I think the issue is that most tech items are going to be generally quite available to characters, whether bought borrowed or stolen. A skill costing a few points may be required for some of them, but your best bet may be to design permanent powers so they're intrinsically better than tech, rather than trying to balance powers against them.

At lower TLs, at least. At the point Tech becomes equivalent to super powers, characters should be able to buy them with cash and a night in the mutation tank or whatever.

JonWake

#46
Skills

What does it mean to be skilled? It turns out that this is a big question in competitive sports and in purely mental competitions such as chess. It's not as simple as RPGs make it out to be, but they do get a lot of things right.

A skilled person is fast: they can predict complicated situations from incomplete data based upon seeing millions of iterations.

A skilled person is resilient to pressure: when under a lot of pressure, the elite competitor can call upon reserves of focus less skilled people lack. This seems to be because they need to use less resources to maintain focus, not that they are necessarily more focused (though they often are).

A skilled person's skill doesn't translate into other fields.

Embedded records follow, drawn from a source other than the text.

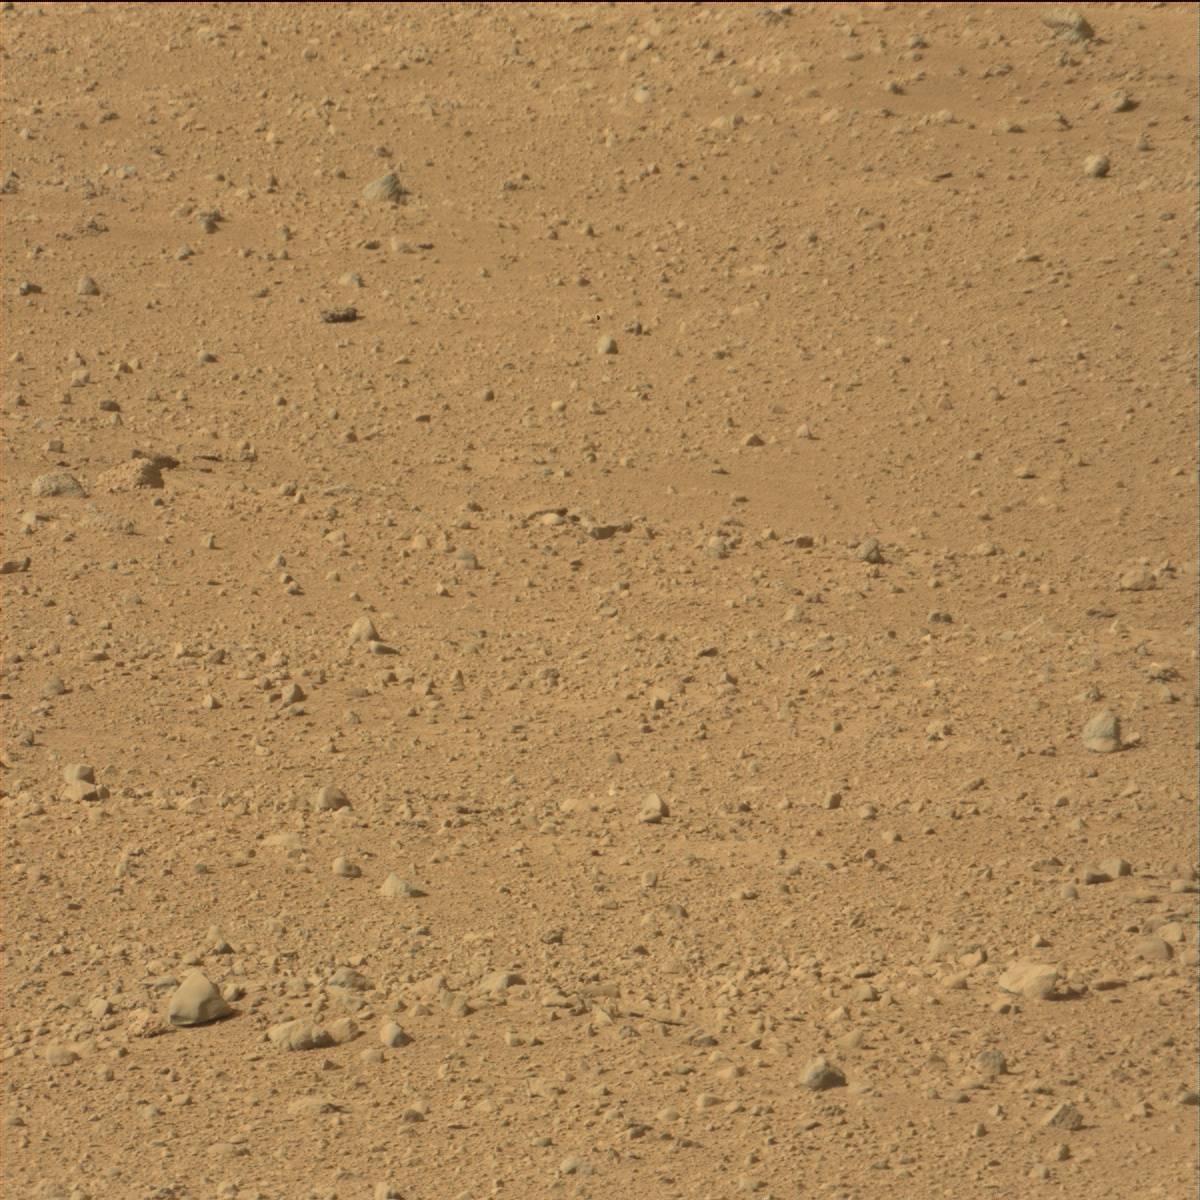
Terrain classes present: Bedrock, Rock, Sand / Soil
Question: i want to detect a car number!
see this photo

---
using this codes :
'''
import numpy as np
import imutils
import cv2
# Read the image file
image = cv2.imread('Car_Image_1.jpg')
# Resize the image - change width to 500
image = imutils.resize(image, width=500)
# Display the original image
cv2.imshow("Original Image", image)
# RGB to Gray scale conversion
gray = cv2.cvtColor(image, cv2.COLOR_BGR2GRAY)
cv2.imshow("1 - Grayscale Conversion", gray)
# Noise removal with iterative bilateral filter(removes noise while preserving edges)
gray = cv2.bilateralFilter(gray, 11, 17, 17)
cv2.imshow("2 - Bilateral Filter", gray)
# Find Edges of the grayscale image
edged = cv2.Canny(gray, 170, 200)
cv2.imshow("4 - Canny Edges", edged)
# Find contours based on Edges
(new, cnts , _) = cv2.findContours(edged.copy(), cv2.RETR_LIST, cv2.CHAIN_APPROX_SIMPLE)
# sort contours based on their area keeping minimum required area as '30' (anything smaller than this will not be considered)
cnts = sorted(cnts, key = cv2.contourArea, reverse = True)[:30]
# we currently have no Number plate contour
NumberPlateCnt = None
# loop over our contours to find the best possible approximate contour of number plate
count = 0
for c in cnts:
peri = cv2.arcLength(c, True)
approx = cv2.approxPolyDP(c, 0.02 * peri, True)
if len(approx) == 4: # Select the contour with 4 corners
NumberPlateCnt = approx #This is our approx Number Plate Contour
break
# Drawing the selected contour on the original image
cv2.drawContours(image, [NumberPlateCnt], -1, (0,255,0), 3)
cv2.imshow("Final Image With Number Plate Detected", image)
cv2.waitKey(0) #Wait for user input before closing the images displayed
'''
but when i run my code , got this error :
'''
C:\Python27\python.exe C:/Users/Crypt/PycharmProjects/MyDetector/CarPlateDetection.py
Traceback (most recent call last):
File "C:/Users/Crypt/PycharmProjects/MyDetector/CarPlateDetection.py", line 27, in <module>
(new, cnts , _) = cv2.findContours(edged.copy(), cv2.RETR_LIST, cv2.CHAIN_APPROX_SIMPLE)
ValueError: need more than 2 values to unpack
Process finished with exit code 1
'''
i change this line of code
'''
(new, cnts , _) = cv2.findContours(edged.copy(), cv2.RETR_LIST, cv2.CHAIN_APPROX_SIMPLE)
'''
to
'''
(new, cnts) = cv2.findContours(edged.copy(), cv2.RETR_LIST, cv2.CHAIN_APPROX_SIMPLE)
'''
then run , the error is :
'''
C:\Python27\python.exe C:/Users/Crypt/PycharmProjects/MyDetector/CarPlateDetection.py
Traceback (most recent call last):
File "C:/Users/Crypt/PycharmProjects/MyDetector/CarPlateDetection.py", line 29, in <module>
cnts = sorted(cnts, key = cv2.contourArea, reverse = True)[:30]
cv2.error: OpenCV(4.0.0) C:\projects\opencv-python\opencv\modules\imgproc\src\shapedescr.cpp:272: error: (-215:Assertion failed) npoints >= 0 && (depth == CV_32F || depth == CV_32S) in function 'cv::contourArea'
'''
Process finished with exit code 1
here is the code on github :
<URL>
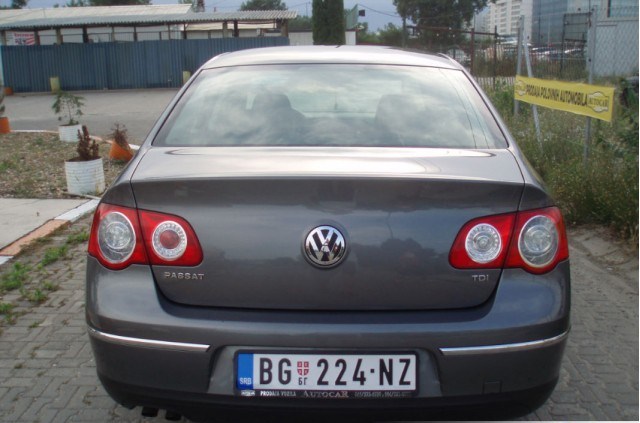
Answer: From OpenCV4, 'findContours' returns 2 values 'contours' and 'hierachy', so now, contours are in the 'new' in your code. It should be
'''
cnts, hier = cv2.findContours(edged.copy(), cv2.RETR_LIST, cv2.CHAIN_APPROX_SIMPLE)
'''

A major league baseball player can get struck out by a softball pitcher because the ingrained responses needed to hit a 70mph ball are not applicable to the trajectory of a softball.  Likewise, when someone brings a new or unexpected technique in a MMA fight, even the most trained fighters will be thrown off.

When two very skilled individuals compete, victory depends on the slimmest margins. In a boxing match, victory is not a matter of your success, but of the opponent's mistakes. In a chess match, victory among grandmasters depends upon who can take the game 'out of the book' and present the opponent with completely novel situations. In an elite competition, players will attempt to fake each other out, triggering an incorrect reaction and then seizing the initiative.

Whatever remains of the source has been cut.